Este sentimento pelo património arquitectónico da sua terra natal é uma parte importante do trabalho de Issoufou até hoje. Principalmente em suas palestras, nas quais ela ensina seus alunos sobre a construção de culturas esquecidas. Ela quer mostrar que, para além da corrente modernista na América e na Europa, existem tradições com as quais os estudantes ocidentais podem aprender muito. Para o fazer, contudo, devem primeiro abandonar a visão limitada da arquitectura do modernismo. “Não é como se as coisas só tivessem começado na primeira metade do século 20 com alguns deuses da arquitetura moderna, como Le Corbusier ou Frank Lloyd Wright”, diz ela.

Para Issoufou, o domínio do modernismo também explica o facto de durante muito tempo a sustentabilidade não ter sido um problema na arquitectura. “Só hoje percebemos que muitas culturas de construção esquecidas também eram sustentáveis ​​porque tinham de resistir às forças da natureza sem betão armado, aquecimento central ou ar condicionado.” No hemisfério sul, em particular, existem tradições que podem revelar formas de lidar com temperaturas mais elevadas. “Temos que redescobri-los hoje”, diz ela.

Combinando com as tradições de construção locais

Issoufou nasceu na França, mas cresceu no Níger. Ela chegou à arquitetura tarde na vida. Após concluir os estudos, ela teve a oportunidade de estudar nos Estados Unidos. Na época, os computadores pareciam ser o caminho mais seguro para se firmar na América. Então ela decidiu estudar ciência da computação, embora seu coração já estivesse voltado para arquitetura. Ela trabalhou como engenheira de software por sete anos até que finalmente decidiu retornar à universidade e estudar arquitetura em Washington após os 30 anos.

Apenas dez anos depois, Issoufou é um dos arquitectos mais requisitados de África e tem escritórios na capital do Níger, Niamey, Zurique e Nova Iorque. Nos seus projetos, ela sempre tenta aproveitar as tradições construtivas locais, pois estas preservam um grande conhecimento sobre as condições e problemas locais. Um exemplo é o seu projeto de um centro para mulheres e desenvolvimento na capital da Libéria, Monróvia. Os edifícios com os seus telhados altos e inclinados são inspirados nas tradicionais Cabanas Palava, cujos telhados foram concebidos para suportar as fortes chuvas na Libéria.

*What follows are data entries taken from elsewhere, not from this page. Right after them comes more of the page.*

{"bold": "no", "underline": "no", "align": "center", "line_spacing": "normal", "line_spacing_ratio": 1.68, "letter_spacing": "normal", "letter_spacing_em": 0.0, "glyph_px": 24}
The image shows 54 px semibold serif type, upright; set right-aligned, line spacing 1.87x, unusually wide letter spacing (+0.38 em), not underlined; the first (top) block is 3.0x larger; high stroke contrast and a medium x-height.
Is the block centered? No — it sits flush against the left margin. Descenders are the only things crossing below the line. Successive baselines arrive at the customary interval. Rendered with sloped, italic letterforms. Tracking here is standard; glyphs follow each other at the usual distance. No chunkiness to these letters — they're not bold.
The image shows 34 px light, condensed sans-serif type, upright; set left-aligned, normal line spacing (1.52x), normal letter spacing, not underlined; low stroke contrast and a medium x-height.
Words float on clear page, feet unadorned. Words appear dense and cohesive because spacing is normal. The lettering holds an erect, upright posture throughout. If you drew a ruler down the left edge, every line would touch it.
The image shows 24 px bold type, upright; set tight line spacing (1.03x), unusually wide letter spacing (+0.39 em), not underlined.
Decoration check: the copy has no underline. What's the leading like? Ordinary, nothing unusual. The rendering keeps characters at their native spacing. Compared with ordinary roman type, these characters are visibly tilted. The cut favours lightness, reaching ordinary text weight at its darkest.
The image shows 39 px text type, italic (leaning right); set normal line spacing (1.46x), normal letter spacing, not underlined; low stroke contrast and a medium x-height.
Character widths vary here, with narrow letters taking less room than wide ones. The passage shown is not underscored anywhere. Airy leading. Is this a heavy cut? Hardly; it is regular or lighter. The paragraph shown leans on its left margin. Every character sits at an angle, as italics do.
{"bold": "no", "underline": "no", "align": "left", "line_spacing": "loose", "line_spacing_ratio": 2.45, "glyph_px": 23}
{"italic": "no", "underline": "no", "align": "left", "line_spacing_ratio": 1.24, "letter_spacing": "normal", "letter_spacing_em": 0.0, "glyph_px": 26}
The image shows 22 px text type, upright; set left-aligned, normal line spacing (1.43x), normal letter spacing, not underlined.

Combatendo o calor com argila

Desde os seus primeiros projetos como arquiteta, enquanto parte do coletivo de arquitetura united4design, Issoufou tem privilegiado consistentemente o material de construção que conhece desde a sua infância no deserto. Em 2016, o coletivo construiu um complexo residencial de barro em Niamey. Issoufou, juntamente com Yasaman Esmaili, também usou tijolos de barro para um centro comunitário com biblioteca e mesquita na aldeia de Dandaji, no deserto do Níger. Ela mostrou que a argila pode enfrentar o desafio da arquitetura moderna.

Issoufou argumenta que a argila oferece algumas vantagens muito reais: “Ela sai direto do solo, é totalmente biodegradável e é muito mais barata que o concreto. O material também tem propriedades de resfriamento muito boas, o que significa que é muito mais adequado às condições climáticas do Níger”. .” A escolha de materiais de construção adequados por Issoufou também transmite a sua crítica ao domínio do modernismo na arquitectura global: “O maior triunfo do betão é que todos acreditam que é o único material de construção durável.” Na ETH Zurique, ela quer transmitir aos seus alunos esse olhar crítico sobre as condições locais e técnicas de construção esquecidas.